Exercise: Retype each entry exactly. Skip any pictures.

********************

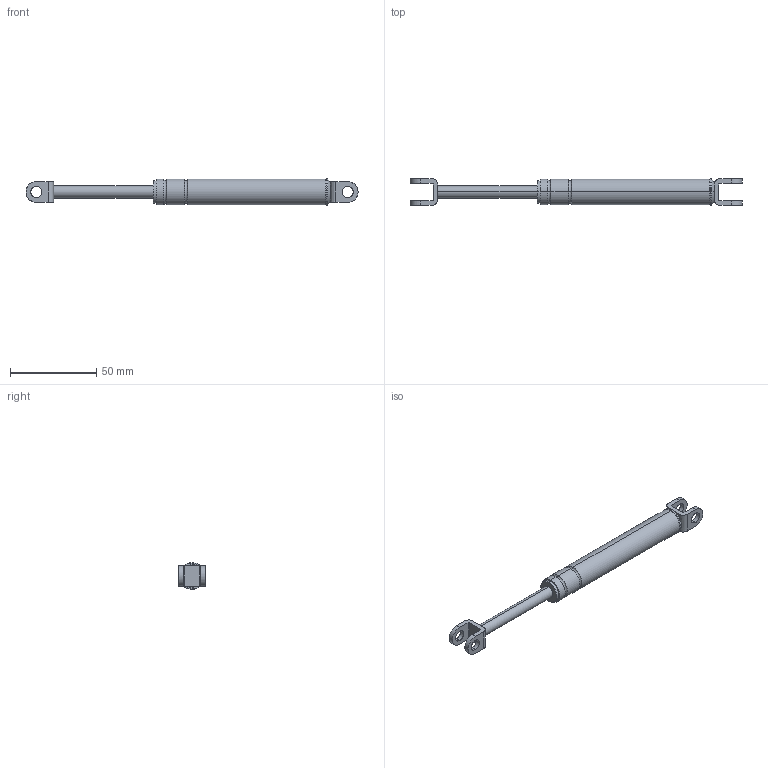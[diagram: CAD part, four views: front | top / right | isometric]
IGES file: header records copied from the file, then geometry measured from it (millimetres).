
Start section: ------------------------------------------------------------------------
Global section: file name: PC50.20848.TM_367_50_9_20408.igs; native system: spGate; preprocessor: ver16.7.1; author: Unknown; organization: Unknown; date: 201021.164459; units: millimetre
Bounding box: 193 x 15.5 x 15.5 mm (x, y, z)
Volume: 22272.7 mm3; surface area: 8631 mm2
Topology: 2 solids, 2 shells, 62 faces, 150 edges, 94 vertices
Faces by surface type: bspline 62
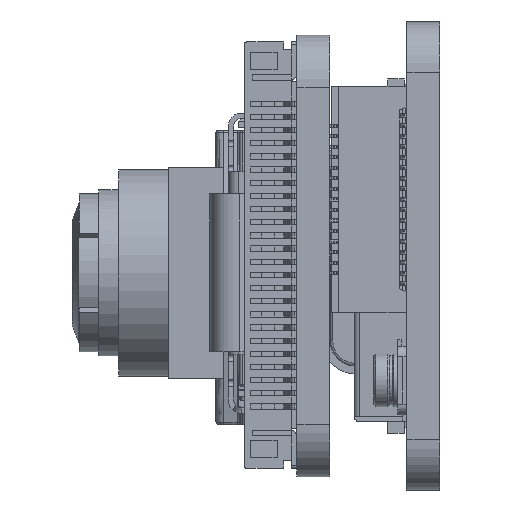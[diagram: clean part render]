
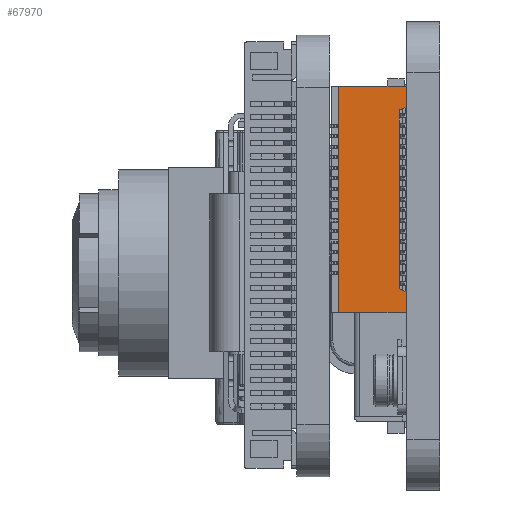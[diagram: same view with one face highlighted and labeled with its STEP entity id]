
A CAD part, left-side view. The second image highlights one B-rep face of the part: STEP entity #67970.
In plain terms, the highlighted planar face has unit normal (-1, 0, 0).
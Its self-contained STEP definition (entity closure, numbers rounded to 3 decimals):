
#4419=FACE_OUTER_BOUND('',#8109,.T.);
#8109=EDGE_LOOP('',(#50638,#50639,#50640,#50641,#50642,#50643,#50644,#50645));
#13388=LINE('',#102860,#21526);
#13392=LINE('',#102869,#21530);
#13393=LINE('',#102871,#21531);
#13394=LINE('',#102873,#21532);
#13395=LINE('',#102874,#21533);
#13396=LINE('',#102876,#21534);
#13397=LINE('',#102878,#21535);
#13398=LINE('',#102879,#21536);
#21526=VECTOR('',#83712,1.);
#21530=VECTOR('',#83718,1.);
#21531=VECTOR('',#83719,1.);
#21532=VECTOR('',#83720,1.);
#21533=VECTOR('',#83721,1.);
#21534=VECTOR('',#83722,1.);
#21535=VECTOR('',#83723,1.);
#21536=VECTOR('',#83724,1.);
#29168=VERTEX_POINT('',#102858);
#29169=VERTEX_POINT('',#102859);
#29172=VERTEX_POINT('',#102867);
#29173=VERTEX_POINT('',#102868);
#29174=VERTEX_POINT('',#102870);
#29175=VERTEX_POINT('',#102872);
#29176=VERTEX_POINT('',#102875);
#29177=VERTEX_POINT('',#102877);
#36907=EDGE_CURVE('',#29168,#29169,#13388,.T.);
#36911=EDGE_CURVE('',#29172,#29173,#13392,.T.);
#36912=EDGE_CURVE('',#29174,#29172,#13393,.T.);
#36913=EDGE_CURVE('',#29175,#29174,#13394,.T.);
#36914=EDGE_CURVE('',#29169,#29175,#13395,.T.);
#36915=EDGE_CURVE('',#29168,#29176,#13396,.T.);
#36916=EDGE_CURVE('',#29176,#29177,#13397,.T.);
#36917=EDGE_CURVE('',#29177,#29173,#13398,.T.);
#50638=ORIENTED_EDGE('',*,*,#36911,.F.);
#50639=ORIENTED_EDGE('',*,*,#36912,.F.);
#50640=ORIENTED_EDGE('',*,*,#36913,.F.);
#50641=ORIENTED_EDGE('',*,*,#36914,.F.);
#50642=ORIENTED_EDGE('',*,*,#36907,.F.);
#50643=ORIENTED_EDGE('',*,*,#36915,.T.);
#50644=ORIENTED_EDGE('',*,*,#36916,.T.);
#50645=ORIENTED_EDGE('',*,*,#36917,.T.);
#63222=PLANE('',#73000);
#67970=ADVANCED_FACE('',(#4419),#63222,.T.);
#73000=AXIS2_PLACEMENT_3D('',#102866,#83716,#83717);
#83712=DIRECTION('',(0.,0.,1.));
#83716=DIRECTION('center_axis',(-1.,0.,0.));
#83717=DIRECTION('ref_axis',(0.,1.,0.));
#83718=DIRECTION('',(0.,0.,-1.));
#83719=DIRECTION('',(0.,0.928,-0.371));
#83720=DIRECTION('',(0.,0.,-1.));
#83721=DIRECTION('',(0.,-1.,0.));
#83722=DIRECTION('',(0.,-1.,0.));
#83723=DIRECTION('',(0.,0.,1.));
#83724=DIRECTION('',(0.,0.928,0.371));
#102858=CARTESIAN_POINT('',(-1.47,0.65,-5.185));
#102859=CARTESIAN_POINT('',(-1.47,0.65,3.415));
#102860=CARTESIAN_POINT('',(-1.47,0.65,-4.));
#102866=CARTESIAN_POINT('Origin',(-1.47,-1.964,-9.5));
#102867=CARTESIAN_POINT('',(-1.47,-1.65,2.515));
#102868=CARTESIAN_POINT('',(-1.47,-1.65,-4.285));
#102869=CARTESIAN_POINT('',(-1.47,-1.65,0.));
#102870=CARTESIAN_POINT('',(-1.47,-1.9,2.615));
#102871=CARTESIAN_POINT('',(-1.47,0.,1.855));
#102872=CARTESIAN_POINT('',(-1.47,-1.9,3.415));
#102873=CARTESIAN_POINT('',(-1.47,-1.9,-4.));
#102874=CARTESIAN_POINT('',(-1.47,0.,3.415));
#102875=CARTESIAN_POINT('',(-1.47,-1.9,-5.185));
#102876=CARTESIAN_POINT('',(-1.47,0.,-5.185));
#102877=CARTESIAN_POINT('',(-1.47,-1.9,-4.385));
#102878=CARTESIAN_POINT('',(-1.47,-1.9,0.));
#102879=CARTESIAN_POINT('',(-1.47,0.,-3.625));

********************

The completed task:
[diagram: CAD part, four views: front | top / right | isometric]
IGES file: header records copied from the file, then geometry measured from it (millimetres).
Start section: ------------------------------------------------------------------------
Global section: file name: PC50.20848.TM_367_50_9_20408.igs; native system: spGate; preprocessor: ver16.7.1; author: Unknown; organization: Unknown; date: 201021.164459; units: millimetre
Bounding box: 193 x 15.5 x 15.5 mm (x, y, z)
Volume: 22272.7 mm3; surface area: 8631 mm2
Topology: 2 solids, 2 shells, 62 faces, 150 edges, 94 vertices
Faces by surface type: bspline 62
[diagram: clean part render]
[diagram: same view with one face highlighted and labeled with its STEP entity id]
A CAD part, left-side view. The second image highlights one B-rep face of the part: STEP entity #67970.
In plain terms, the highlighted planar face has unit normal (-1, 0, 0).
Its self-contained STEP definition (entity closure, numbers rounded to 3 decimals):
#4419=FACE_OUTER_BOUND('',#8109,.T.);
#8109=EDGE_LOOP('',(#50638,#50639,#50640,#50641,#50642,#50643,#50644,#50645));
#13388=LINE('',#102860,#21526);
#13392=LINE('',#102869,#21530);
#13393=LINE('',#102871,#21531);
#13394=LINE('',#102873,#21532);
#13395=LINE('',#102874,#21533);
#13396=LINE('',#102876,#21534);
#13397=LINE('',#102878,#21535);
#13398=LINE('',#102879,#21536);
#21526=VECTOR('',#83712,1.);
#21530=VECTOR('',#83718,1.);
#21531=VECTOR('',#83719,1.);
#21532=VECTOR('',#83720,1.);
#21533=VECTOR('',#83721,1.);
#21534=VECTOR('',#83722,1.);
#21535=VECTOR('',#83723,1.);
#21536=VECTOR('',#83724,1.);
#29168=VERTEX_POINT('',#102858);
#29169=VERTEX_POINT('',#102859);
#29172=VERTEX_POINT('',#102867);
#29173=VERTEX_POINT('',#102868);
#29174=VERTEX_POINT('',#102870);
#29175=VERTEX_POINT('',#102872);
#29176=VERTEX_POINT('',#102875);
#29177=VERTEX_POINT('',#102877);
#36907=EDGE_CURVE('',#29168,#29169,#13388,.T.);
#36911=EDGE_CURVE('',#29172,#29173,#13392,.T.);
#36912=EDGE_CURVE('',#29174,#29172,#13393,.T.);
#36913=EDGE_CURVE('',#29175,#29174,#13394,.T.);
#36914=EDGE_CURVE('',#29169,#29175,#13395,.T.);
#36915=EDGE_CURVE('',#29168,#29176,#13396,.T.);
#36916=EDGE_CURVE('',#29176,#29177,#13397,.T.);
#36917=EDGE_CURVE('',#29177,#29173,#13398,.T.);
#50638=ORIENTED_EDGE('',*,*,#36911,.F.);
#50639=ORIENTED_EDGE('',*,*,#36912,.F.);
#50640=ORIENTED_EDGE('',*,*,#36913,.F.);
#50641=ORIENTED_EDGE('',*,*,#36914,.F.);
#50642=ORIENTED_EDGE('',*,*,#36907,.F.);
#50643=ORIENTED_EDGE('',*,*,#36915,.T.);
#50644=ORIENTED_EDGE('',*,*,#36916,.T.);
#50645=ORIENTED_EDGE('',*,*,#36917,.T.);
#63222=PLANE('',#73000);
#67970=ADVANCED_FACE('',(#4419),#63222,.T.);
#73000=AXIS2_PLACEMENT_3D('',#102866,#83716,#83717);
#83712=DIRECTION('',(0.,0.,1.));
#83716=DIRECTION('center_axis',(-1.,0.,0.));
#83717=DIRECTION('ref_axis',(0.,1.,0.));
#83718=DIRECTION('',(0.,0.,-1.));
#83719=DIRECTION('',(0.,0.928,-0.371));
#83720=DIRECTION('',(0.,0.,-1.));
#83721=DIRECTION('',(0.,-1.,0.));
#83722=DIRECTION('',(0.,-1.,0.));
#83723=DIRECTION('',(0.,0.,1.));
#83724=DIRECTION('',(0.,0.928,0.371));
#102858=CARTESIAN_POINT('',(-1.47,0.65,-5.185));
#102859=CARTESIAN_POINT('',(-1.47,0.65,3.415));
#102860=CARTESIAN_POINT('',(-1.47,0.65,-4.));
#102866=CARTESIAN_POINT('Origin',(-1.47,-1.964,-9.5));
#102867=CARTESIAN_POINT('',(-1.47,-1.65,2.515));
#102868=CARTESIAN_POINT('',(-1.47,-1.65,-4.285));
#102869=CARTESIAN_POINT('',(-1.47,-1.65,0.));
#102870=CARTESIAN_POINT('',(-1.47,-1.9,2.615));
#102871=CARTESIAN_POINT('',(-1.47,0.,1.855));
#102872=CARTESIAN_POINT('',(-1.47,-1.9,3.415));
#102873=CARTESIAN_POINT('',(-1.47,-1.9,-4.));
#102874=CARTESIAN_POINT('',(-1.47,0.,3.415));
#102875=CARTESIAN_POINT('',(-1.47,-1.9,-5.185));
#102876=CARTESIAN_POINT('',(-1.47,0.,-5.185));
#102877=CARTESIAN_POINT('',(-1.47,-1.9,-4.385));
#102878=CARTESIAN_POINT('',(-1.47,-1.9,0.));
#102879=CARTESIAN_POINT('',(-1.47,0.,-3.625));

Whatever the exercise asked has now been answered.